Why use Systematic sampling design?
To have a well-spread out sample.
Cluster sampling attributes? (4)
- No sampling frame available for individuals but there is for groups of individuals (eg, vegetation patches rather than individual plants).
- Each sample unit is a collection/cluster of individual elements.
- Good if variation within patches > variation between patches (provides more precision estimates).
- Consists of various stages.
Stages of Cluster sampling? (3)
- 1-stage sampling.
- 2-stage sampling.
- Multi-stage cluster sampling.
1-stage sampling?
= we randomly select clusters & then measure all elements within them.
2-stage sampling?
= involves the random selection of clusters & random sample of elements within the clusters.
Why use Cluster sampling?
I think we use it (1) if the variation within the patches is more than the variation between the patches & (2) if there is no sampling frame for individuals but groups.
Double sampling?
= where we work with two measurements that are correlated, one that is easy to measure & a second that is harder to measure but is of more interest to the scientist.
Double sampling attributes? (4)
- One set of sample unit consists of easy0to-conduct measurements & we can do many of them.
- A second smaller set consists of sample units where we do the easy-to-conduct measurement & we do the more difficult measurement that we’re actually interested in.
- We estimate a relationship between the 2 measurements using something like regression.
- We use the regression & the measurements from the 1st set of sample units to estimate the 2nd quantity of interest.
Eg of Double sampling?
We’re interested in grass biomass & how it varies across the veld, but it’s difficult to measure accurately. Grass height is easier to measure & it’s correlated with biomass.

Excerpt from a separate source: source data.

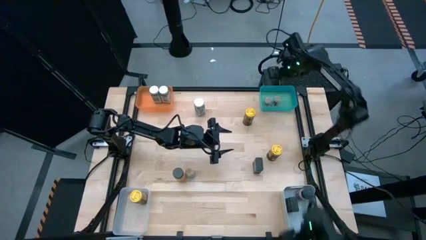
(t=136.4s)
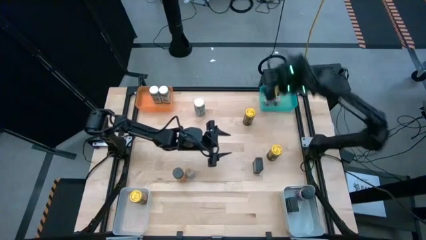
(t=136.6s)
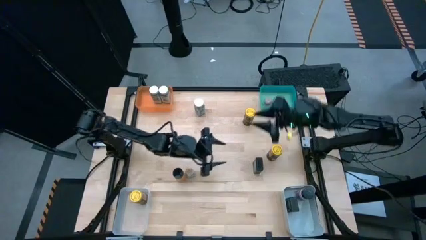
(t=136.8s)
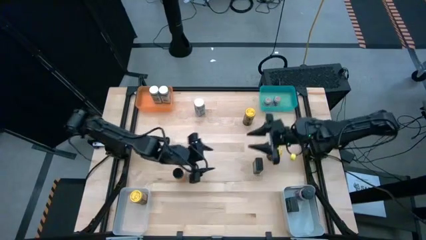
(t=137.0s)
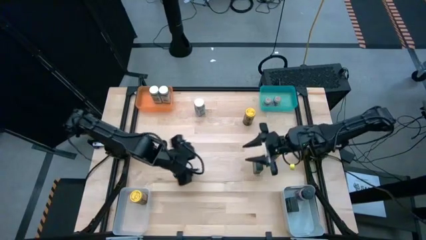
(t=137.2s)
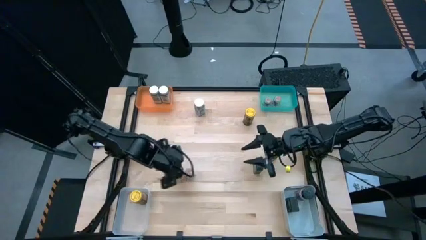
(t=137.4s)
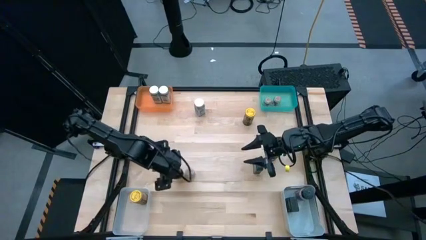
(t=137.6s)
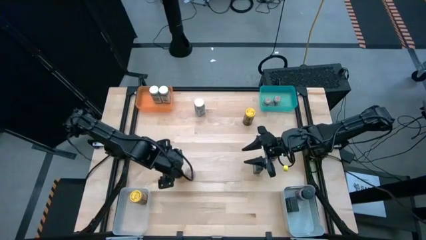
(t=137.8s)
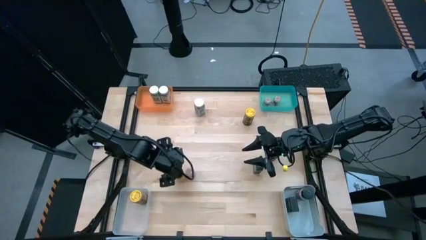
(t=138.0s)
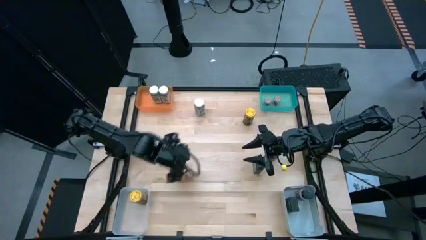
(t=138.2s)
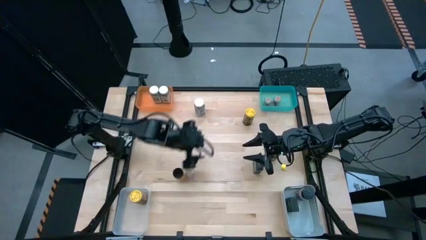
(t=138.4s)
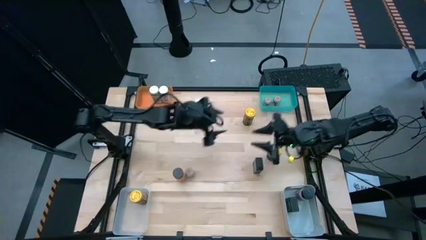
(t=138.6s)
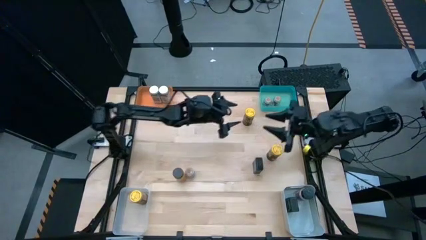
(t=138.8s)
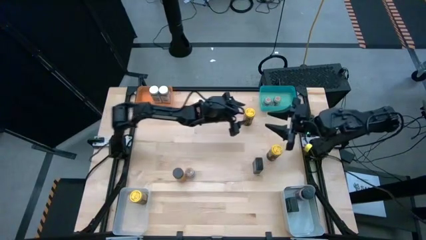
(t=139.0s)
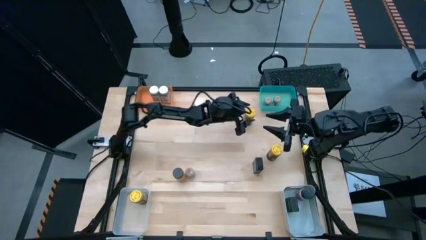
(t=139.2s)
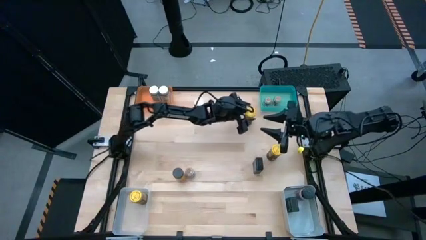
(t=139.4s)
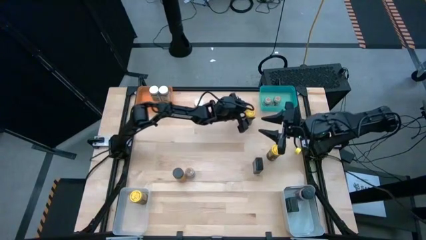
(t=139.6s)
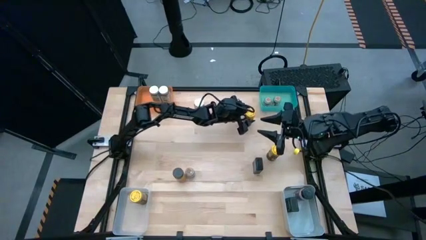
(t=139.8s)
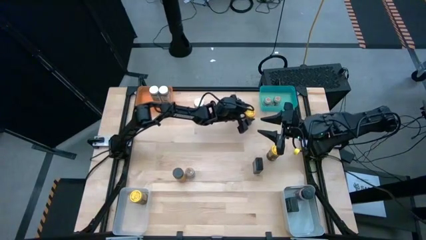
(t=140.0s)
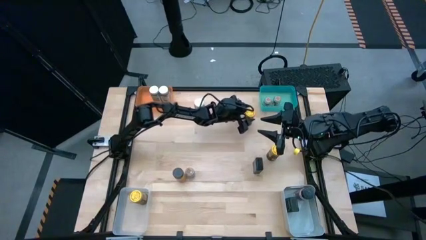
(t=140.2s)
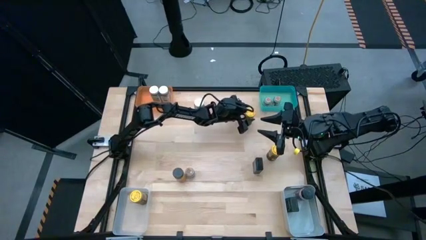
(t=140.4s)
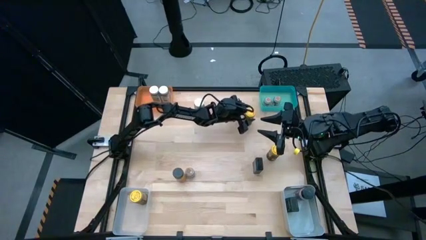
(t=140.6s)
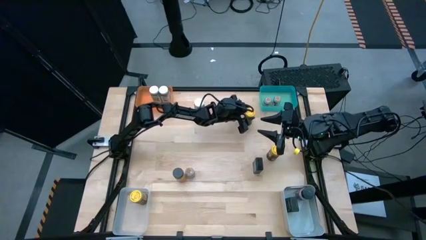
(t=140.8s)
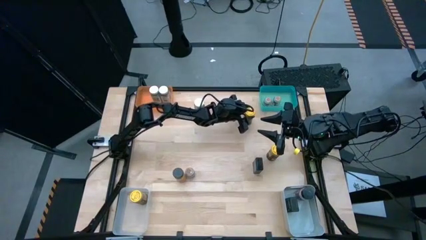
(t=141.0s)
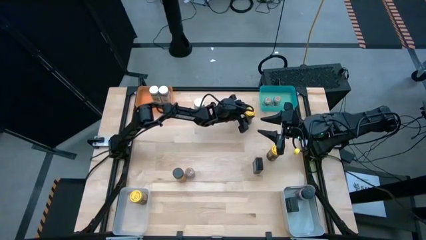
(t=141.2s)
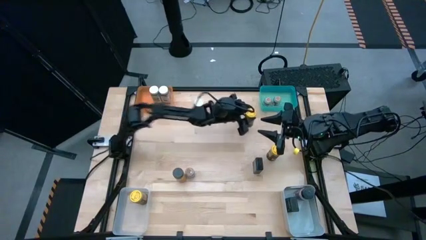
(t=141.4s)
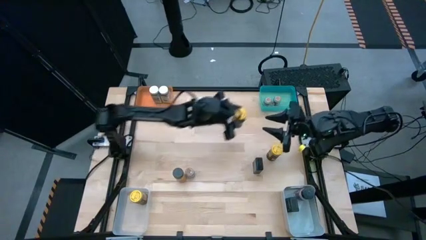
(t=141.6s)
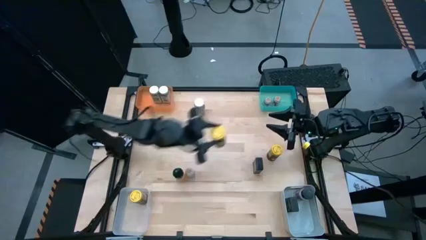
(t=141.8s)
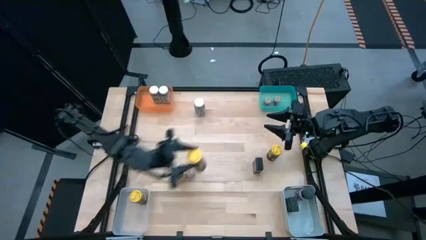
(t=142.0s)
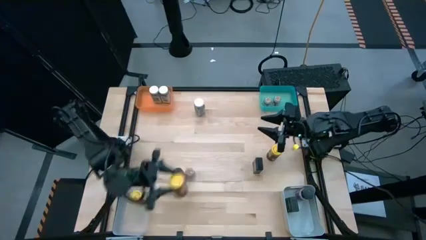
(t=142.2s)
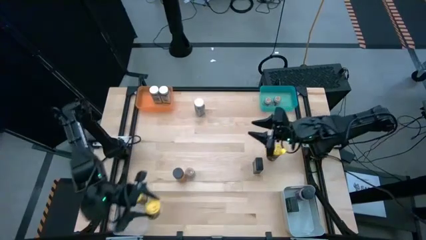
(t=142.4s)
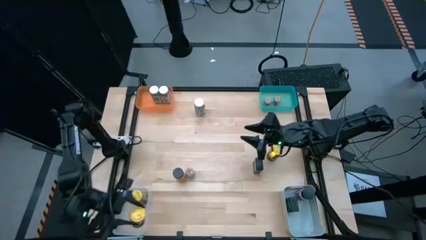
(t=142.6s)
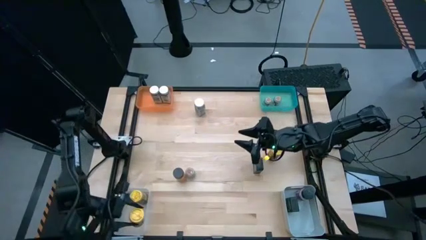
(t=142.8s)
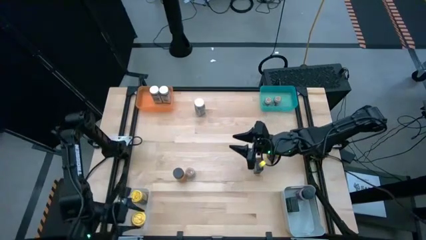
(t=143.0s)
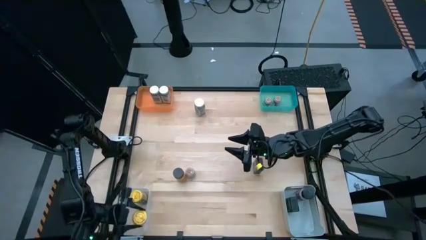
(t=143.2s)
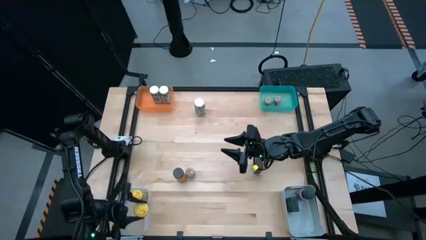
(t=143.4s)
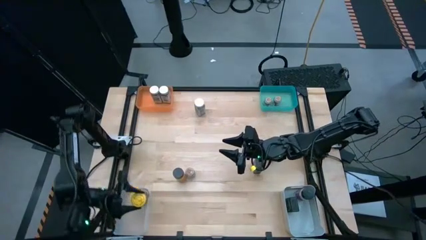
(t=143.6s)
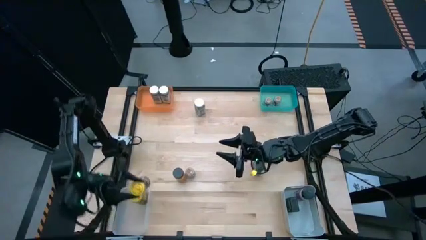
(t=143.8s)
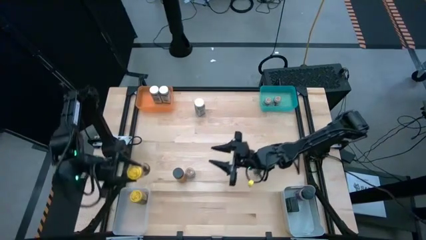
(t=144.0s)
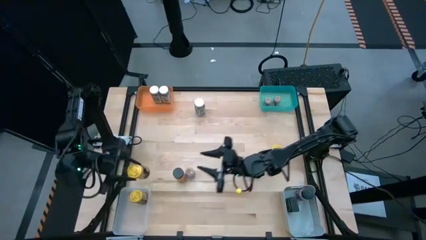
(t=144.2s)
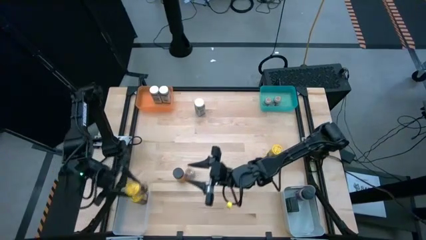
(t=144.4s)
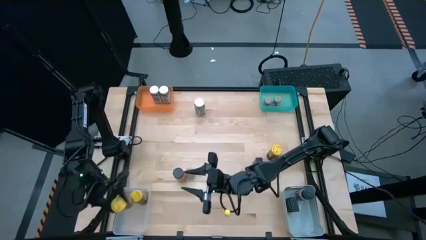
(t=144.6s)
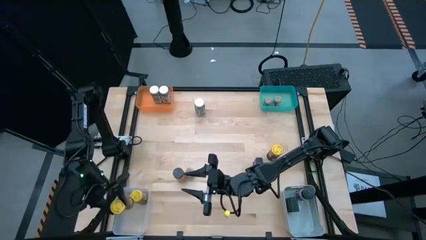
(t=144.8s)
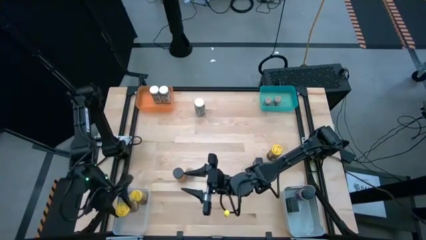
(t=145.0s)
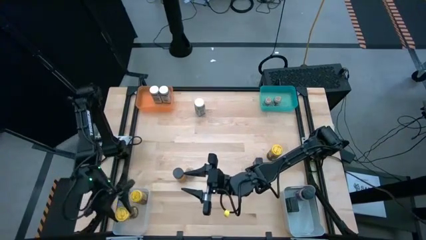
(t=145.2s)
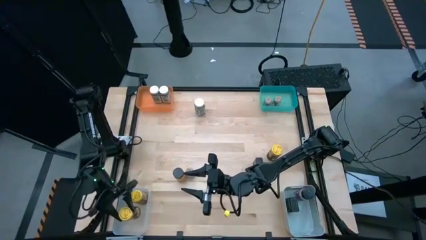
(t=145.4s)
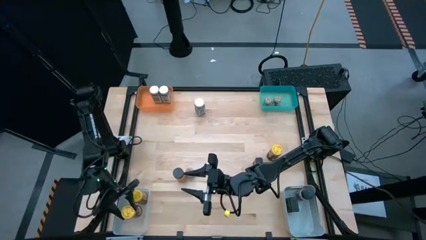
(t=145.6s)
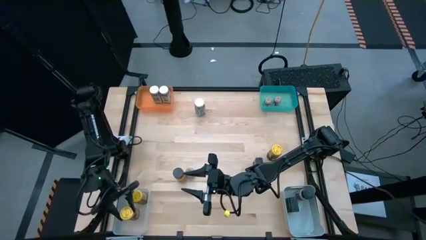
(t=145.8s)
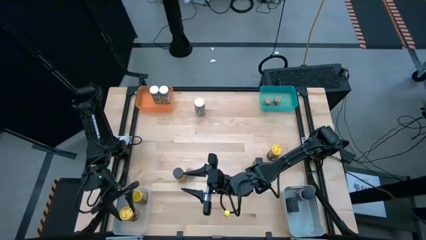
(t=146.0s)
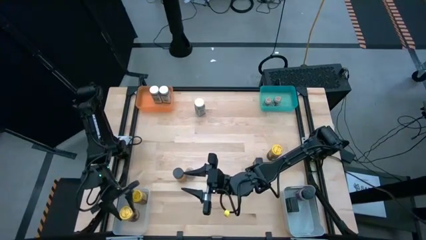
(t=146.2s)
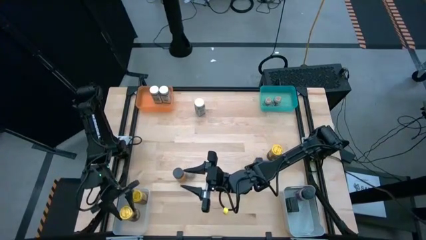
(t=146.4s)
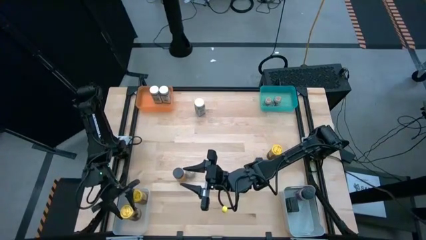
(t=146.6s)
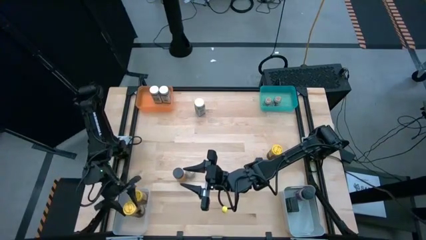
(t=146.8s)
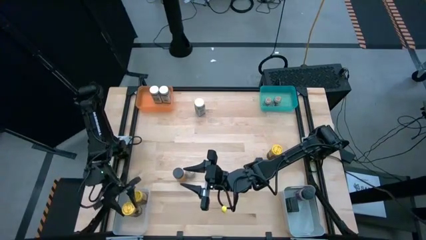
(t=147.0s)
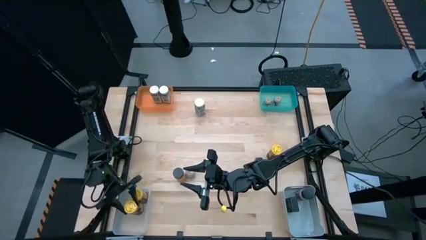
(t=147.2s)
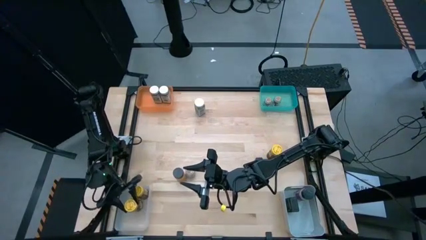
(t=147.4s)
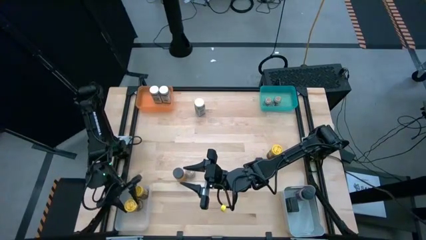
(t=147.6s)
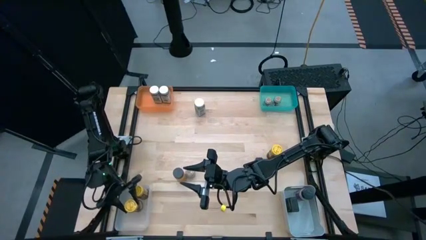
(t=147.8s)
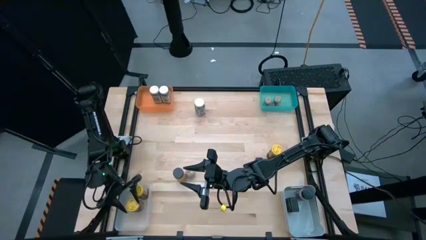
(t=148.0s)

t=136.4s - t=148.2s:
Task: Sort spices by type
Put the top yellow seasoning bottle into the transparent bin

So, explain the Double sampling eg? (4)
- Step 1: Get the 1st set of samples, which is grass height (n = lots).
- Step 2: Get the 2nd set of samples, which are grass height & clipped dry biomass (n = few).
- Step 3: Estimate the relationship in the 2nd set of samples (regression).

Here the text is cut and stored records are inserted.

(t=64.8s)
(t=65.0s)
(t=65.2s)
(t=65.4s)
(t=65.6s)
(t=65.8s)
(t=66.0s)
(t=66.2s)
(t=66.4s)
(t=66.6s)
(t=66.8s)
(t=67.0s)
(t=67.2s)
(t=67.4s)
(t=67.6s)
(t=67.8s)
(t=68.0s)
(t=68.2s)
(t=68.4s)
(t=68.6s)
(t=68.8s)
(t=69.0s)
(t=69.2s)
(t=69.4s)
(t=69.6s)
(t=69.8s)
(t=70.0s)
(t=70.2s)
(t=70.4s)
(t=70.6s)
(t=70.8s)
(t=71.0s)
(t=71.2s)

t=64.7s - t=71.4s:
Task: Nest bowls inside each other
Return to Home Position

- Step 4: Calculate biomass for samples in 1st set of samples.
Why use Doubling sampling?
I think we can use it when our attribute of interest is difficult to measure but is correlated to a variable that is easy to measure.

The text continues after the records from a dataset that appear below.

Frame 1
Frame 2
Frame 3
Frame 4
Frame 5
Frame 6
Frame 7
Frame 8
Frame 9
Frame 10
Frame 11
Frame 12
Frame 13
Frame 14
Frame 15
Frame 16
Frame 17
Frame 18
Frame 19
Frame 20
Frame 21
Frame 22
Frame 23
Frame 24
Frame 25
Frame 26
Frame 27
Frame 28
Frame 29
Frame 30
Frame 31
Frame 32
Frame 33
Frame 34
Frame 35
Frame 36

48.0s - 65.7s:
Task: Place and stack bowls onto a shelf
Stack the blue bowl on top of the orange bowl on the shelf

2 Elements to consider when planning field logistics?
- Plot size.
- Plot shape.
What does the plot size & plot shape depend on? (2)
- The objectives of the study.
- The nature of the data/study system.
Thing to note when deciding which plot size or plot shape to use?
It might require experimenting with different plot sizes & plot shapes to find an optimal size or shape.
Criteria for deciding on plot size & shape? (3)
- Statistical procedure that gives the best precision given the cost & area of sampling.
- Ecologically, consider the best efficiency to achieve the objectives of the study.
- Logistical greatest ease to implement in the field.
4 Factors that influence plot shape?
- Detection of individuals.
- Distribution of individuals.
- Edge effects (i.e., knowing where the subject is with respect to the plot boundary).
- Data collection methods.
Types of plot shapes? (3)
- Long, narrow plots.
- Square or circular plots.
- Narrow, rectangular plots.
Long, narrow plots attributes? (4)
- Easy to lay out.
- Have a lot of perimeter with respect to plot area.
- More edge effects.
- Problems with identifying whether animals are inside or outside plots.
Square or circular plots attribute?
Have fewer problems with edge effects.
Narrow, rectangular plots attributes? (3)
- Increased detection of study subjects.
- Increase chance of intersecting clumps/clusters.
- Best for clusters (better precision in vegetation studies).
Thing to note when you have a fixed budget?
There is a trade-off between the number of plots & plot size.
For instance, what to do if you have a homogeneous population?
Use few large plots, as they will capture variability in the population.
What to do if you have a high degree of heterogeneity?
A large number of smaller plots might be necessary.
- If plots are too small, there will be too many zeros, leading to poor precision (high SE).